As the snow falls and temperatures hover between teens and just below freezing, there’s nothing that I need to do in the gardens. Oh, there’s lots I COULD (Should?) be doing to facilitate next year’s success (And this time of year we gardeners never doubt that the coming garden will be a success!) but that’s another post.
Yesterday I spent some time reading other gardening blogs, which is something I don’t have time to do during the actual gardening season. Afterwards, I let my mind ponder what I’d seen and read. What kept coming back to me was this photo from a New Zealander’s garden showing Santa in the flower border, his red suit striking against the brilliant green foliage and a beautiful sunflower blossom.

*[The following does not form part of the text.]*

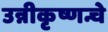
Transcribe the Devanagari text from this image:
उन्नीकृष्णन्चे

Sarah O’Neil, author of “Sarah The Gardener” blog, was breathing a big sigh of relief that she’d survived the hectic combination of Christmas with all it’s gatherings, shopping, extra cooking, etc., the deluge of work with planting and harvesting her huge veggie garden, and the children being on winter holiday! Somehow, in my 70 years, my mind had never grasped that exact concept. Oh, I realized that when we have summer, the other side of the world has winter and vice versa, but I never really thought about the consequences! I can’t imagine having to do all the decorating, wrapping, card sending, holiday programs and all the rest simultaneously with getting the garden in order and planted, and dealing with the first harvests!
Just imagine! The two things I love most, that require the most time and energy to do well, happening at the same time! If I’d ever thought of moving to Australia or New Zealand that would stop me. I love the fact that here frost comes and puts an end to the garden chores. Then we put away our tools, bake the fruitcakes so they can mellow, begin the shopping and soon we’re untangling the lights and making eggnog. Here, fortunately, Christmas comes with its glitter and merriment just when we are dreading winter and all the gardening has ended for the year. And then we box up the decorations, carefully storing the lights so that NEXT year they won’t be tangled (but somehow, they always are!) and begin dreaming over the seed catalogs and planning the new garden. Imagine having to deal with Christmas when the beans need canning, the weeds need pulling, and the cukes need pickling!
I am never going to complain about the to-do lists for either Christmas or gardening again! I’m blessed that for me, these two wonderful events are spread far apart, and both happen exactly when I need them. But, hats off to you, Sarah, and to all of those on the other side of the world who are able to accomplish both. I’m immensely glad I don’t have to try!
Do pop over to Sarah, The Gardener at https://gardeningkiwi.wordpress.com. She has a lovely veggie garden and you’ll get some new ideas and just enjoy her vitality. Sarah is also the author of three books: “Play in the Garden,” “Growing Vegetables,” and “The good life.”
I love the winter break, myself. It’s like the ((SIGH)) of a job well done, now for rest! Just like the earth!
I have a friend in Australia, we share our love of gardening through letters and it’s always a surprise when she is talking about putting away her tools for the pending winter and I’m just preparing to plant my first seeds. Living in Florida has an advantage of a longer growing season but I am a true northern transplant and still like to let the garden rest for the winter while I peruse seed catalogs, clear away debris and make sure my tools are in good form for the upcoming season.
Thank you for the recommendation on the other blog. Are there any other gardening blogs you enjoy?